Ontario Superior Court of Justice
Court File No.: CR-24-10000035-00AP
Date: 2025-03-03
BETWEEN:
His Majesty the King, Respondent
and
Raquel Rodrigues, Appellant
Appearances:
Patrick Quilty, for the Crown
Nate Jackson, for Raquel Rodrigues
Heard at Toronto: February 18, 2025
Reasons on Appeal
J.K. Penman
A. Overview
[1] Raquel Rodrigues was charged with “over 80” contrary to s. 320.14(1)(b) of the Criminal Code. Her trial proceeded before Libman J., with the defence alleging several violations of Ms. Rodrigues’ rights under the Canadian Charter of Rights and Freedoms (the “Charter”). The Charter application was dismissed, and Ms. Rodrigues was convicted and sentenced to the minimum fine of $1,500 and a 12-month driving prohibition.
[2] Counsel for Ms. Rodrigues now appeals both conviction and sentence, and argues that:
- The trial judge erred in finding that the police did not violate Ms. Rodrigues’ s. 9 Charter rights when she was forced to sit handcuffed in a police car for an additional 30 minutes while officers waited for the Booking Sergeant and a female officer to conduct the frisk search;
- The trial judge erred in holding that the breath samples would not have been excluded pursuant to s. 24(2) even if a s. 9 Charter violation had been found; and
- The trial judge erred in failing to apply the Supreme Court of Canada’s dicta in R. v. Basque, 2023 SCC 18 that pre-trial restrictions on one’s ability to drive should be credited at sentencing via a reduced driving prohibition.
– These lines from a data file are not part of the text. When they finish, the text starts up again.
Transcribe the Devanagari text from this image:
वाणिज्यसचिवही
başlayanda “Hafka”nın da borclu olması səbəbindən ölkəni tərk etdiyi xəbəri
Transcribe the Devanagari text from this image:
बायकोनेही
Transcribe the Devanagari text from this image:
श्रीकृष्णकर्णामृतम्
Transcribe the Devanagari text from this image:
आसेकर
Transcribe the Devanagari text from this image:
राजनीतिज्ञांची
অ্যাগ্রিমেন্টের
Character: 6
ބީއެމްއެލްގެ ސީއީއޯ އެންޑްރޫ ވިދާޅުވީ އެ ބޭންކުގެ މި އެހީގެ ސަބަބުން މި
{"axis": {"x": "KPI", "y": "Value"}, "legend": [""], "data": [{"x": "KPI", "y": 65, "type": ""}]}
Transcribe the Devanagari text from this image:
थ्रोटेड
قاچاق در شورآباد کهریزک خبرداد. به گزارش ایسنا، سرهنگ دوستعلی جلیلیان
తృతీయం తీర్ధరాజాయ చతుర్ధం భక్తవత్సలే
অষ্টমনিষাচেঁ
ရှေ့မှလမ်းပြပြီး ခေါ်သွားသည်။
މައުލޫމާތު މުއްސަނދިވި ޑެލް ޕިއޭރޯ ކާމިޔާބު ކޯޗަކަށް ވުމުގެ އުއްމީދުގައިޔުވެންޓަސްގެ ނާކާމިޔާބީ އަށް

[3] Counsel at trial also brought a s. 8 Charter challenge relating to the two-and-a-half-hour delay in obtaining the first breath sample and over three-hour delay in obtaining the second. Just prior to the trial, the decision of R. v. Ridley, 2023 ONSC 5967 was released. In that case, the court found that s. 320.28(1) of the Criminal Code does not impose a requirement that the police take breath samples as soon as practicable, nor does it establish that a failure to do so results in a Charter violation.
[4] Counsel did not abandon the s. 8 argument and acknowledged that the trial judge was bound by horizontal stare decisis. Ridley is now under appeal. Following the decision in R. v. Borko, 2024 ONSC 1988, counsel agreed that the s. 8 argument will be waived at this time, reserving the Appellant’s right to raise it on further appeal if necessary.
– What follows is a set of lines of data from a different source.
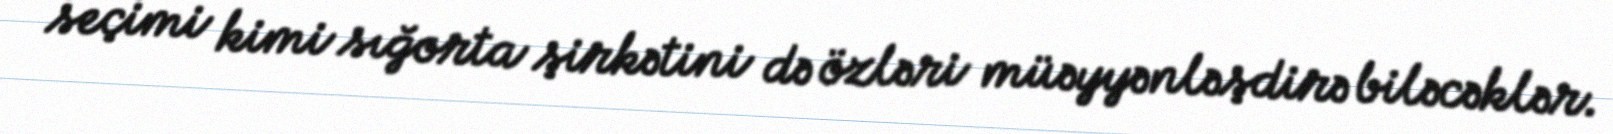
seçimi kimi sığorta şirkətini də özləri müəyyənləşdirə biləcəklər.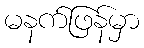
မနက်ဖြန်မှာ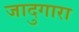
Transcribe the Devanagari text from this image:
जादुगारा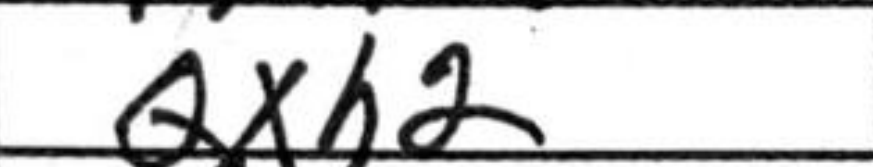
Transcription: Qxh2
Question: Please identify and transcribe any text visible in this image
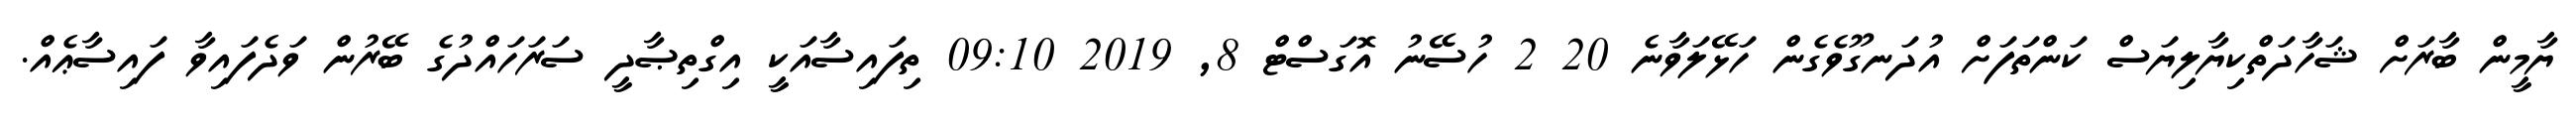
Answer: ޔާމީން ބާރަށް ޝަހާދަތްކިޔާލިޔަސް ކަންތަފަށް އުދަނގޫވެގެން ހަޅޭލަވާނެ 20 2 ހުސޭނު އޮގަސްޓް 8, 2019 09:10 ތިފައިސާއަކީ އިގްތިޞާދީ ސަރަހައްދުގެ ބޭރުން ވަދެފައިވާ ފައިސާޢެއް.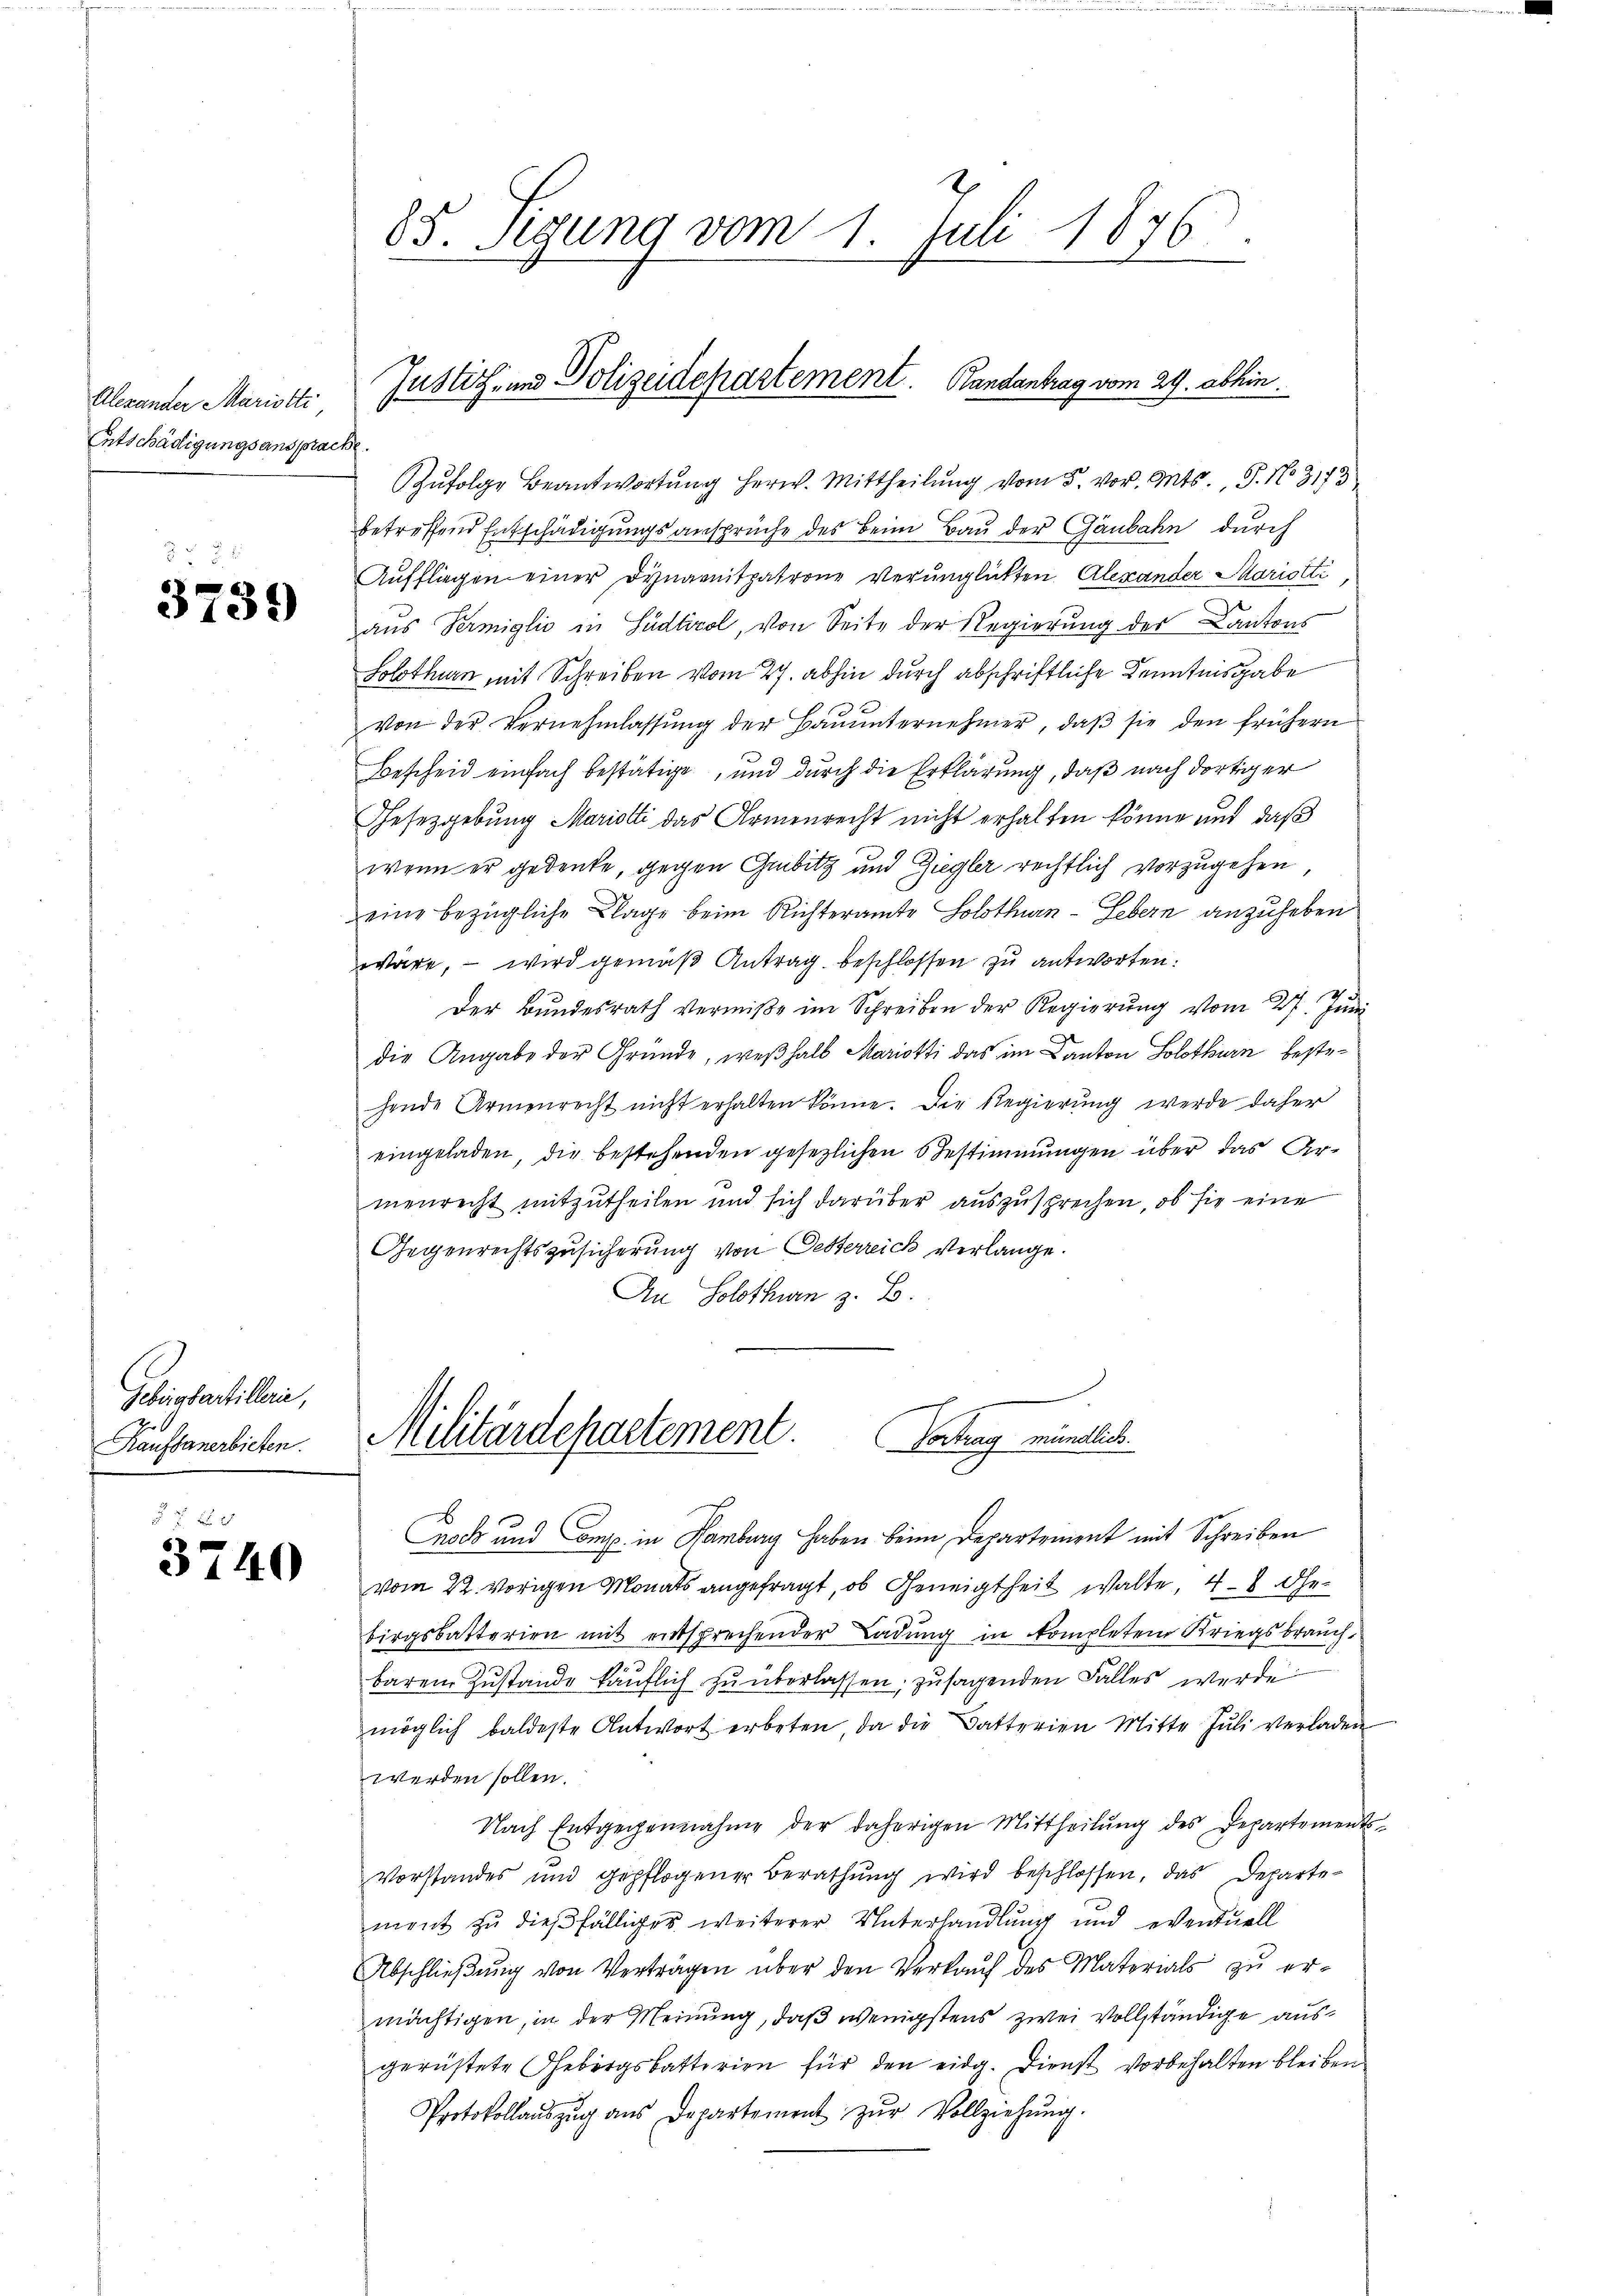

[5] Having reviewed the trial record and the reasons of the trial judge, I see no basis to interfere with the trial judge's decision on the s. 9 issue or the finding that no credit should be awarded for the pre-trial driving prohibition.
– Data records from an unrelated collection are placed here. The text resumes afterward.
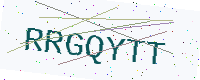
Text: RRGQYTT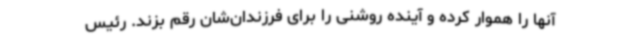
آنها را هموار کرده و آینده روشنی را برای فرزندان‌شان رقم بزند. رئیس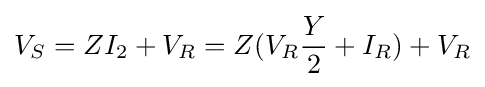
V_{S}=ZI_{2}+V_{R}=Z(V_{R}{\frac {Y}{2}}+I_{R})+V_{R}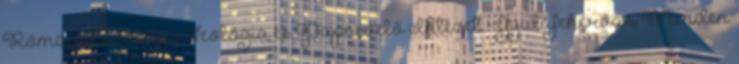
Római Katolikus Teológia és Papnevelő Intézet - Gyulafehérvár Minden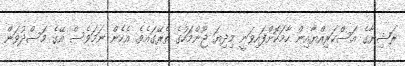
ރަޝިޔާގެ އަސްކަރިއްޔާއިން ހާމަކޮށްފައިވަނީ މިދިޔަ ޖޫންމަހުގެ ތެރޭގައެވެ. އެހެން ނަމަވެސް އޭގެ މަސްދުވަން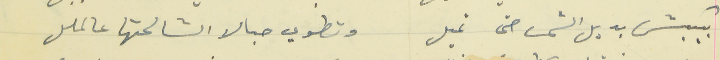
بيكبش بديل الشمس حتى تميل                                  وتطوي حبالا الشالحتها عالملل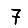
Digit: 7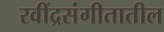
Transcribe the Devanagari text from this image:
रवींद्रसंगीतातील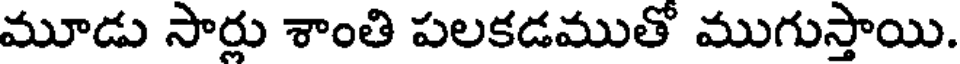
మూడు సార్లు శాంతి పలకడముతో ముగుస్తాయి.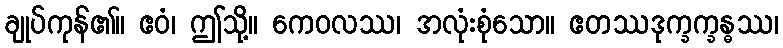
ချုပ်ကုန်၏။ ဧဝံ၊ ဤသို့။ ကေဝလဿ၊ အလုံးစုံသော။ ဧတဿဒုက္ခက္ခန္ဓဿ၊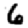
Digit: 6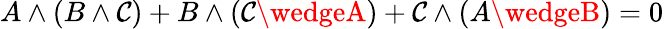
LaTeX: A\wedge(B\wedge\mathcal{C})+B\wedge(\mathcal{C}\wedgeA)+\mathcal{C}\wedge(A\wedgeB)=0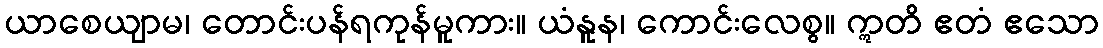
ယာစေယျာမ၊ တောင်းပန်ရကုန်မူကား။ ယံနူန၊ ကောင်းလေစွ။ ဣတိ ဧတံ ဧသော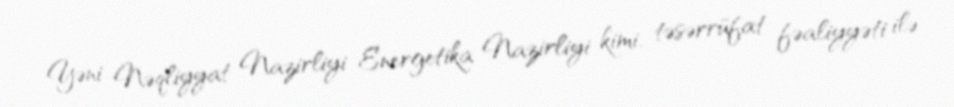
Yəni Nəqliyyat Nazirliyi Energetika Nazirliyi kimi, təsərrüfat fəaliyyəti ilə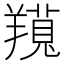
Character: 𦏊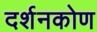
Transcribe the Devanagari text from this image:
दर्शनकोण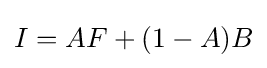
I=AF+(1-A)B
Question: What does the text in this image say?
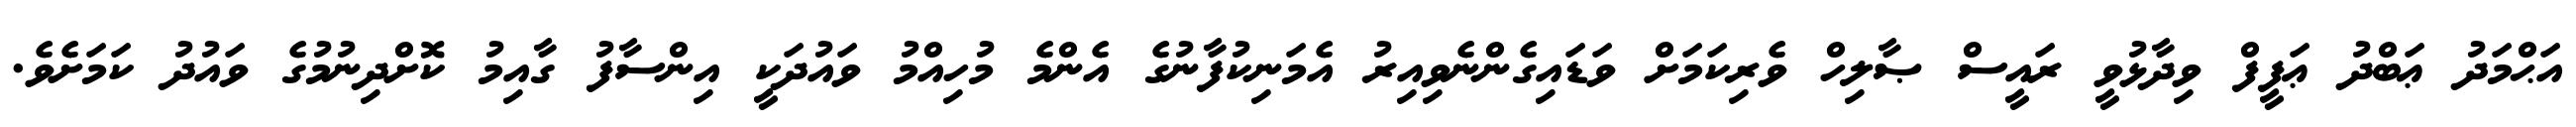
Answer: އަޙްމަދު ޢަބްދު ޢަފީފް ވިދާޅުވީ ރައީސް ޞާލިހް ވެރިކަމަށް ވަޑައިގެންނެވިއިރު އެމަނިކުފާނުގެ އެންމެ މުހިއްމު ވައުދަކީ އިންސާފު ގާއިމު ކޮށްދިނުމުގެ ވައުދު ކަމަށެވެ.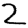
Digit: 2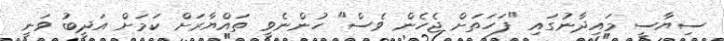
ސިޔާސީ މައިދާނުގައި "ފަހަތަށް ޖެހެން ވެސް" ހުންނެވީ ތައްޔާރަށް ކަމަށް އަދީބު ވަނީ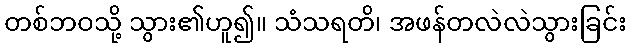
တစ်ဘဝသို့ သွား၏ဟူ၍။ သံသရတိ၊ အဖန်တလဲလဲသွားခြင်း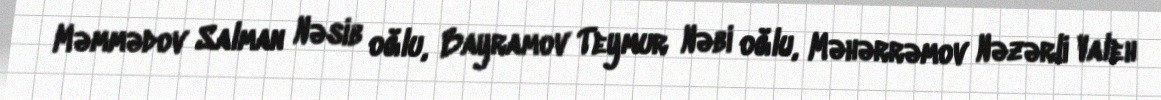
Məmmədov Salman Nəsib oğlu, Bayramov Teymur Nəbi oğlu, Məhərrəmov Nəzərli Valeh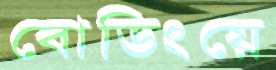
বোডিংয়ে

[6] The appeal is dismissed for the reasons outlined below.
B. Did the Trial Judge Err in Not Finding a Violation of Ms. Rodrigues’ s. 9 Charter Rights?
[7] It is not for an appellate court to retry the case. I adopt and apply the reasoning of Durno J. in R. v. Salerno, 2000 O.J. No. 3511 (S.C.J.), at para. 7:
I am not permitted to re-try the case and substitute my view of the evidence for that of the trial judge. I can examine the transcript and determine if there was evidence upon which the trial findings could reasonably have been made. I cannot substitute my own findings of fact when there was a basis for those reached by the trial judge. The trial judge has the advantage of seeing and hearing the witnesses. If there was an evidentiary basis upon which the findings could reasonably have been made I cannot interfere. [citations omitted.]
[8] The trial judge's decision on questions of law is subject to a "correctness" standard of review; his findings of fact are entitled to deference absent a “palpable and overriding error”: R. v. Lightfoot (1980), 4 M.V.R. 238 (Ont. C.A.); R. v. Renda, 2005 ONCA 193; Housen v. Nikolaisen, 2002 SCC 33, at paras. 10, 24 and 26-36.
[9] Ms. Rodrigues argued that the trial judge erred in failing to find that the 30 minutes Ms. Rodrigues had to sit handcuffed in the back of the squad car waiting for a female officer to attend resulted in an arbitrary detention. Counsel argued the lack of a policy requiring a female officer be present at every station is what led to the arbitrary detention in this case. But for the fact that Ms. Rodrigues is a woman, he argued the booking process would have taken place as it should. Counsel argued that the trial judge’s findings were unreasonable when considering these circumstances.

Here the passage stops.